[[ MATERIAL FOR THIS EXERCISE, beginning ]]

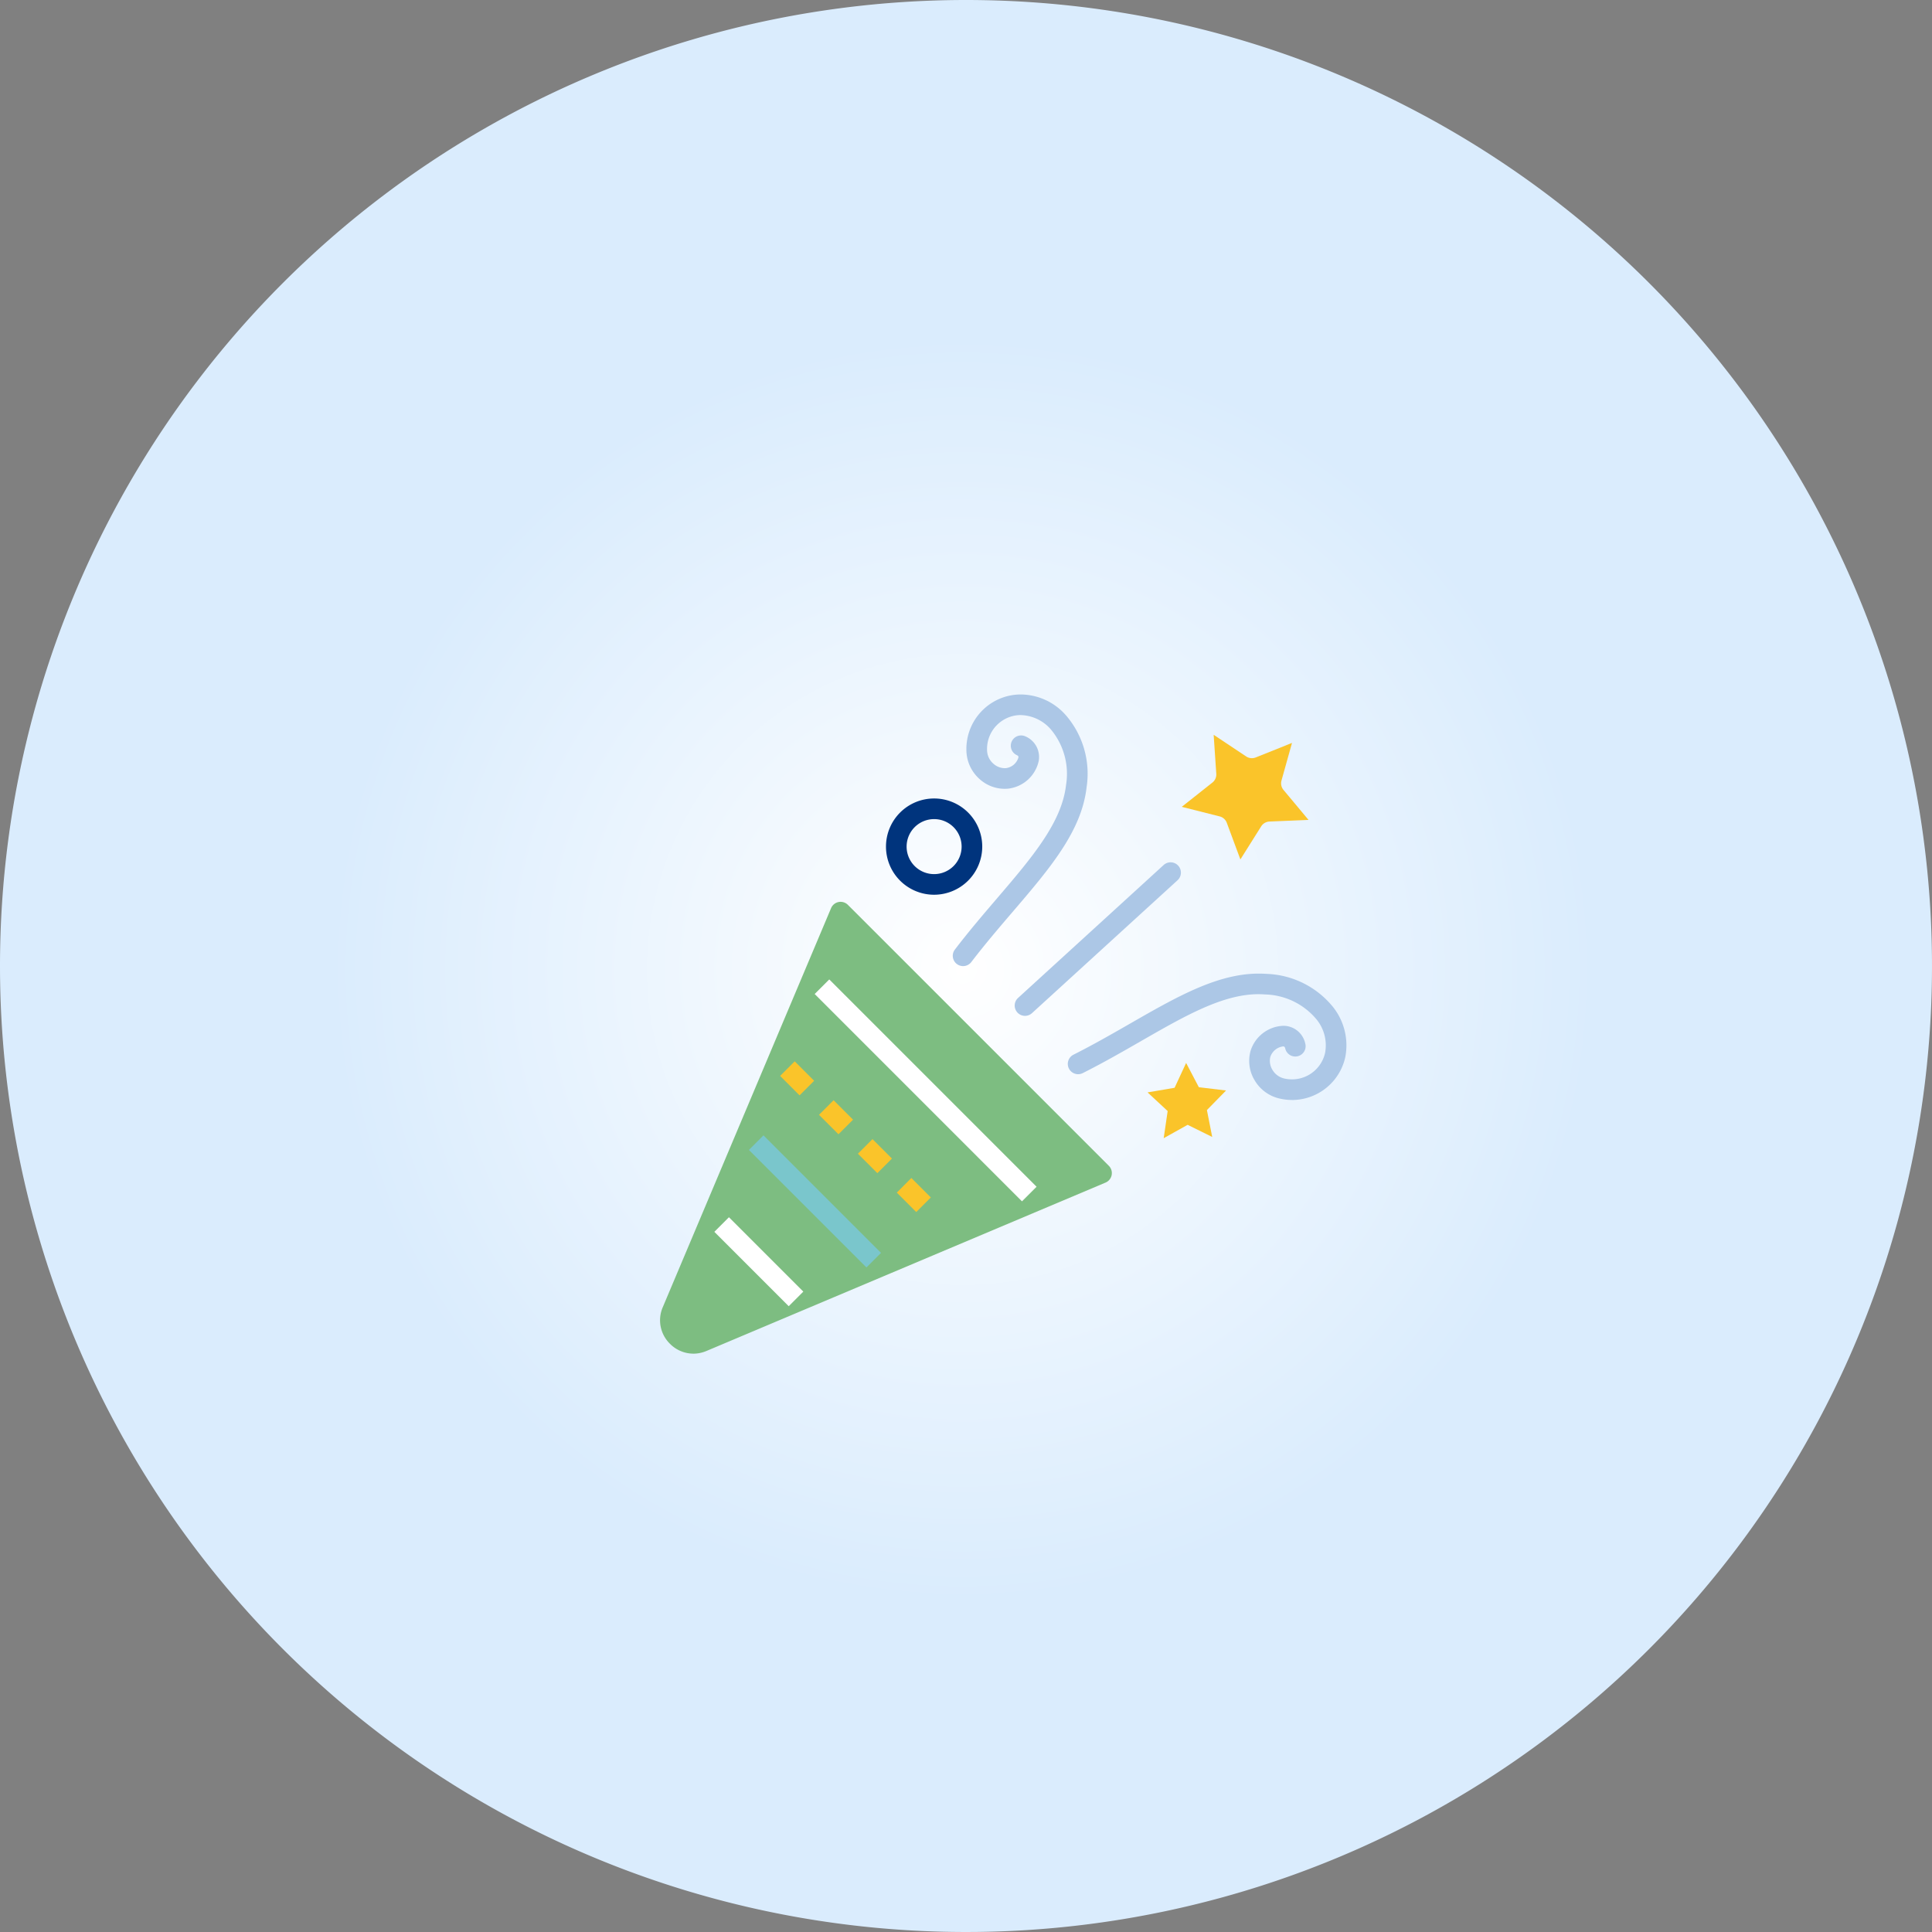 <svg xmlns="http://www.w3.org/2000/svg" xmlns:xlink="http://www.w3.org/1999/xlink" width="281" height="281" viewBox="0 0 281 281">
  <rect x="0" y="0" width="281" height="281" fill="#808080" stroke="none"/>
  <defs>
    <radialGradient id="radial-gradient" cx="0.5" cy="0.5" r="0.5" gradientUnits="objectBoundingBox">
      <stop offset="0" stop-color="#fff"/>
      <stop offset="1" stop-color="#fff" stop-opacity="0"/>
    </radialGradient>
    <clipPath id="clip-path">
      <rect id="長方形_25589" data-name="長方形 25589" width="99.84" height="95.882" transform="translate(0 0)" fill="none"/>
    </clipPath>
    <clipPath id="clip-path-2">
      <rect id="長方形_25582" data-name="長方形 25582" width="11.418" height="10.947" transform="translate(70.908 53.595)" fill="none"/>
    </clipPath>
    <clipPath id="clip-path-3">
      <rect id="長方形_25584" data-name="長方形 25584" width="32.272" height="32.273" transform="translate(22.49 41.454)" fill="none"/>
    </clipPath>
    <clipPath id="clip-path-4">
      <rect id="長方形_25586" data-name="長方形 25586" width="19.215" height="19.215" transform="translate(12.924 64.131)" fill="none"/>
    </clipPath>
    <clipPath id="clip-path-5">
      <rect id="長方形_25588" data-name="長方形 25588" width="12.94" height="12.941" transform="translate(7.899 76.042)" fill="none"/>
    </clipPath>
  </defs>
  <g id="welfare06" transform="translate(-964 -3190)">
    <g id="グループ_11645" data-name="グループ 11645" transform="translate(695 1941.512)">
      <path id="パス_2500" data-name="パス 2500" d="M140.5,0A140.5,140.5,0,1,1,0,140.5,140.5,140.5,0,0,1,140.5,0Z" transform="translate(269 1248.488)" fill="#daecfd"/>
    </g>
    <circle id="楕円形_644" data-name="楕円形 644" cx="93" cy="93" r="93" transform="translate(1011 3238)" opacity="0.997" fill="url(#radial-gradient)"/>
    <g id="グループ_11825" data-name="グループ 11825" transform="translate(1060 3291)">
      <g id="グループ_11824" data-name="グループ 11824" clip-path="url(#clip-path)">
        <path id="パス_2546" data-name="パス 2546" d="M4.842,95.882a4.792,4.792,0,0,1-3.4-1.437A4.781,4.781,0,0,1,.4,89.117L24.878,31.083a1.5,1.5,0,0,1,2.442-.477L65.276,68.562A1.5,1.5,0,0,1,64.8,71L6.765,95.486a4.935,4.935,0,0,1-1.923.4" fill="#7dbd81"/>
        <path id="パス_2547" data-name="パス 2547" d="M75.881,16.35l5.51,1.391a1.5,1.5,0,0,1,1.039.931L84.408,24l3.025-4.811a1.5,1.5,0,0,1,1.208-.7l5.678-.236L90.678,13.89a1.5,1.5,0,0,1-.292-1.365l1.531-5.473L86.642,9.166a1.5,1.5,0,0,1-1.389-.143L80.522,5.875l.38,5.67a1.5,1.5,0,0,1-.566,1.277Z" fill="#fac42a"/>
        <g id="グループ_11814" data-name="グループ 11814" style="isolation: isolate">
          <g id="グループ_11813" data-name="グループ 11813">
            <g id="グループ_11812" data-name="グループ 11812" clip-path="url(#clip-path-2)">
              <path id="パス_2548" data-name="パス 2548" d="M70.908,57.884l3.931-.671L76.515,53.6l1.852,3.531,3.959.476L79.54,60.455l.772,3.912L76.737,62.6l-3.483,1.943.577-3.946Z" fill="#fac42a"/>
            </g>
          </g>
        </g>
        <path id="パス_2549" data-name="パス 2549" d="M39.862,29.135a7,7,0,1,1,7-7,7.008,7.008,0,0,1-7,7m0-11a4,4,0,1,0,4,4,4,4,0,0,0-4-4" fill="#00347d"/>
        <path id="パス_2550" data-name="パス 2550" d="M53.083,46.752a1.5,1.5,0,0,1-1.012-2.607L73.259,24.8a1.5,1.5,0,0,1,2.023,2.215L54.094,46.359a1.5,1.5,0,0,1-1.011.393" fill="#acc7e6"/>
        <path id="パス_2551" data-name="パス 2551" d="M91.912,58.986a7.894,7.894,0,0,1-1.7-.186,5.668,5.668,0,0,1-3.745-2.7,5.43,5.43,0,0,1-.576-4.259,5.19,5.19,0,0,1,4.8-3.645,3.262,3.262,0,0,1,3.151,2.574,1.5,1.5,0,1,1-2.908.735c-.077-.3-.171-.305-.327-.31a2.273,2.273,0,0,0-1.85,1.542,2.5,2.5,0,0,0,.308,1.859,2.671,2.671,0,0,0,1.794,1.28,4.935,4.935,0,0,0,5.873-3.758,5.969,5.969,0,0,0-1.2-4.792,10.065,10.065,0,0,0-7.543-3.688c-5.5-.429-11.34,2.942-18.1,6.824-2.672,1.534-5.436,3.121-8.418,4.621a1.5,1.5,0,0,1-1.348-2.68c2.908-1.463,5.635-3.029,8.273-4.543,7.188-4.127,13.392-7.671,19.816-7.214a13,13,0,0,1,9.726,4.888,8.961,8.961,0,0,1,1.725,7.228,7.944,7.944,0,0,1-7.745,6.229" fill="#acc7e6"/>
        <path id="パス_2552" data-name="パス 2552" d="M44.075,39.516a1.5,1.5,0,0,1-1.19-2.411c2.027-2.651,4.1-5.071,6.1-7.412,5.069-5.922,9.447-11.037,10.066-16.52a10.061,10.061,0,0,0-2.223-8.1,6.015,6.015,0,0,0-4.484-2.07A4.932,4.932,0,0,0,47.563,8.08a2.666,2.666,0,0,0,.925,2,2.509,2.509,0,0,0,1.769.648A2.184,2.184,0,0,0,52.115,9.2c.025-.155.04-.247-.244-.379A1.5,1.5,0,0,1,53.134,6.1a3.261,3.261,0,0,1,1.943,3.575A5.149,5.149,0,0,1,50.6,13.708a5.426,5.426,0,0,1-4.078-1.357,5.679,5.679,0,0,1-1.963-4.183A7.931,7.931,0,0,1,52.259.008a8.8,8.8,0,0,1,6.78,3.036,13,13,0,0,1,3,10.465c-.722,6.4-5.378,11.837-10.769,18.135-1.977,2.31-4.021,4.7-6,7.283a1.5,1.5,0,0,1-1.192.589" fill="#acc7e6"/>
        <g id="グループ_11817" data-name="グループ 11817" style="isolation: isolate">
          <g id="グループ_11816" data-name="グループ 11816">
            <g id="グループ_11815" data-name="グループ 11815" clip-path="url(#clip-path-3)">
              <rect id="長方形_25583" data-name="長方形 25583" width="3" height="42.641" transform="translate(22.491 43.575) rotate(-44.999)" fill="#fff"/>
            </g>
          </g>
        </g>
        <path id="パス_2553" data-name="パス 2553" d="M37.264,75.286l-2.829-2.828,2.121-2.122,2.829,2.829Zm-5.657-5.657L28.778,66.8,30.9,64.679l2.828,2.828ZM25.95,63.972l-2.829-2.828,2.121-2.121,2.829,2.828Zm-5.657-5.657-2.829-2.828,2.122-2.121,2.828,2.828Z" fill="#fac42a"/>
        <g id="グループ_11820" data-name="グループ 11820" style="isolation: isolate">
          <g id="グループ_11819" data-name="グループ 11819">
            <g id="グループ_11818" data-name="グループ 11818" clip-path="url(#clip-path-4)">
              <rect id="長方形_25585" data-name="長方形 25585" width="3" height="24.175" transform="translate(12.924 66.252) rotate(-45)" fill="#7ac6cc"/>
            </g>
          </g>
        </g>
        <g id="グループ_11823" data-name="グループ 11823" style="isolation: isolate">
          <g id="グループ_11822" data-name="グループ 11822">
            <g id="グループ_11821" data-name="グループ 11821" clip-path="url(#clip-path-5)">
              <rect id="長方形_25587" data-name="長方形 25587" width="3" height="15.301" transform="matrix(0.707, -0.707, 0.707, 0.707, 7.899, 78.163)" fill="#fff"/>
            </g>
          </g>
        </g>
      </g>
    </g>
  </g>
</svg>

[[ MATERIAL FOR THIS EXERCISE, end ]]

THE PROBLEM:
A complete answer gives every line of the records holding "isolate".

OUTPUT:
        <g id="グループ_11814" data-name="グループ 11814" style="isolation: isolate">
        <g id="グループ_11817" data-name="グループ 11817" style="isolation: isolate">
        <g id="グループ_11820" data-name="グループ 11820" style="isolation: isolate">
        <g id="グループ_11823" data-name="グループ 11823" style="isolation: isolate">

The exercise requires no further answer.